While I have not experienced this firsthand yet, I've read that this is normal behavior for a new layer. How lucky for you that you got to watch!


----------



## Apyl (Jun 20, 2012)

Yes it can be normal with pullets. She is still learning. My daughter picked up a chicken in the yard once and an egg fell out lol. I also get the random egg layed in the yard from my year old hens too.


----------



## chickadee3 (Apr 14, 2013)

My girls are new layers and squawk like billy-o just before they lay! I think they can't work out what's going on! They have had the occasional soft egg 'drop' too, but the guys on here told me it was normal while they learn and mature.

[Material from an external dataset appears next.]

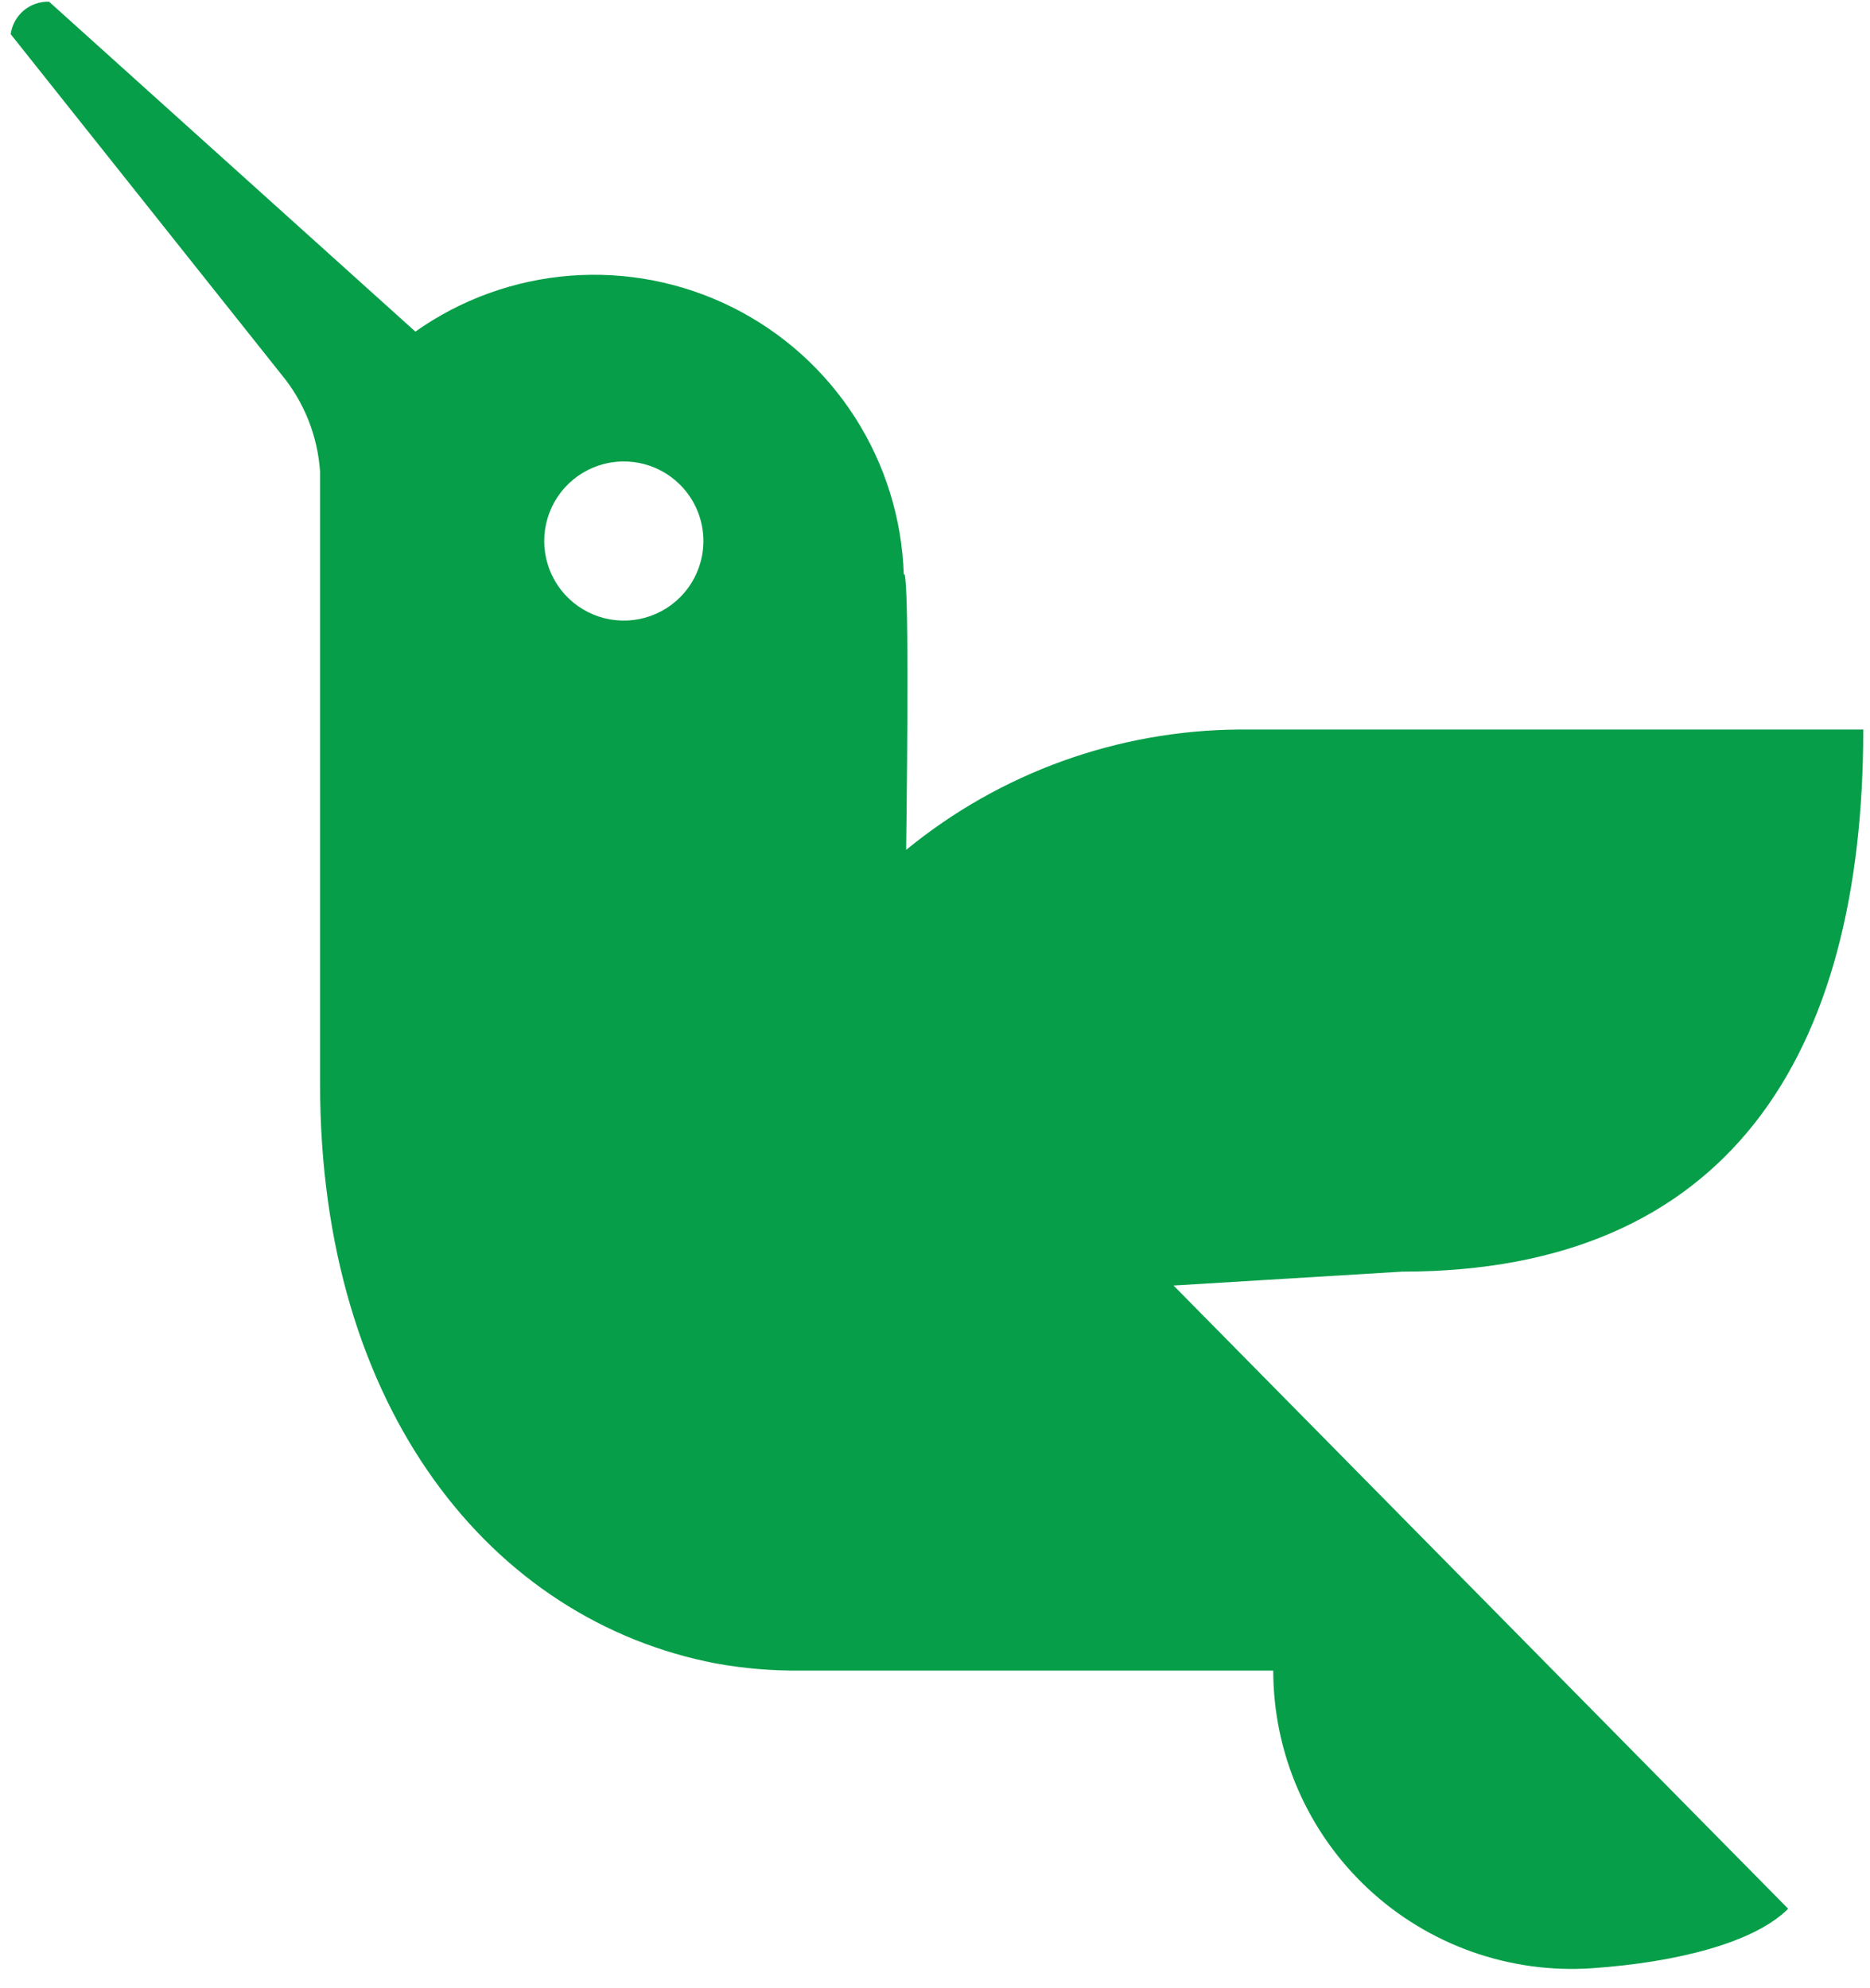 <svg width="95" height="101" viewBox="0 0 95 101" fill="none" xmlns="http://www.w3.org/2000/svg">
<path d="M71.232 64.608C87.792 64.608 94.658 53.625 94.658 37.065H62.95C56.778 37.108 50.808 39.266 46.035 43.179C46.107 37.479 46.166 29.609 45.947 29.171L45.914 29.187C45.822 26.347 44.962 23.585 43.427 21.194C41.892 18.803 39.737 16.872 37.193 15.607C34.649 14.342 31.809 13.789 28.976 14.007C26.143 14.226 23.422 15.207 21.102 16.848L2.492 0.086C2.021 0.072 1.561 0.233 1.201 0.537C0.841 0.842 0.607 1.269 0.543 1.736L14.274 19C15.444 20.405 16.139 22.144 16.26 23.969V55.069C16.26 71.588 24.96 82.341 36.389 84.518C37.797 84.771 39.226 84.891 40.657 84.877H64.684C64.684 86.955 65.112 89.012 65.941 90.918C66.77 92.824 67.982 94.54 69.502 95.958C71.021 97.376 72.816 98.466 74.775 99.162C76.734 99.857 78.815 100.142 80.889 99.999C85.221 99.699 89.129 98.693 90.843 96.978L59.619 65.314L71.232 64.608ZM34.55 30.346C33.985 30.911 33.264 31.297 32.48 31.453C31.696 31.609 30.883 31.529 30.144 31.223C29.405 30.917 28.773 30.398 28.329 29.734C27.885 29.069 27.648 28.287 27.648 27.487C27.648 26.688 27.885 25.906 28.329 25.241C28.773 24.576 29.405 24.058 30.144 23.752C30.883 23.446 31.696 23.366 32.48 23.522C33.264 23.678 33.985 24.063 34.55 24.629C34.925 25.004 35.223 25.45 35.426 25.94C35.63 26.431 35.734 26.956 35.734 27.487C35.734 28.018 35.63 28.544 35.426 29.034C35.223 29.525 34.925 29.97 34.55 30.346Z" fill="#079E49"/>
</svg>

My girls started laying really early at 16 weeks, so I guess they were a little surprised!! Congrats on your first egg, anyway!! xx


----------



## hennypenny68 (Apr 30, 2013)

Yup it normal nothing to worry about and she will figure it out she's just young and inexperienced congrats on your first egg and that you got to watch its pretty cool.


----------



## BirdManSamiJD (Sep 19, 2012)

One Of My First Time Laying Hens Last Week Dropped A "Soft Egg" About 10 Pm When I Was Out Closing Up The Coop & Giving a Head Count By Flashlight. 
She Was On The Highest Roosting Pearch With Her Protective Male And When I hit Her With The Light's Beam She Slightly Stood Up & PLOP! Thankfully, The Floor Of The Coop Is Coverer'd With A thick Layer Of Hay & Cedar Chips! 
I Occasionally Find An Egg On Top Of My Truck Near The Front Widshield Also. I Guess One Of My Free-Ranging Girls, Prefers To Drop Them There, Which Is Better Than Under The Rose Bushes Alongside The back Of The House. Either Way, I Still Find It Funny Tho' And It Makes For A Great Tale To Tell People Who I Give Eggs To!


----------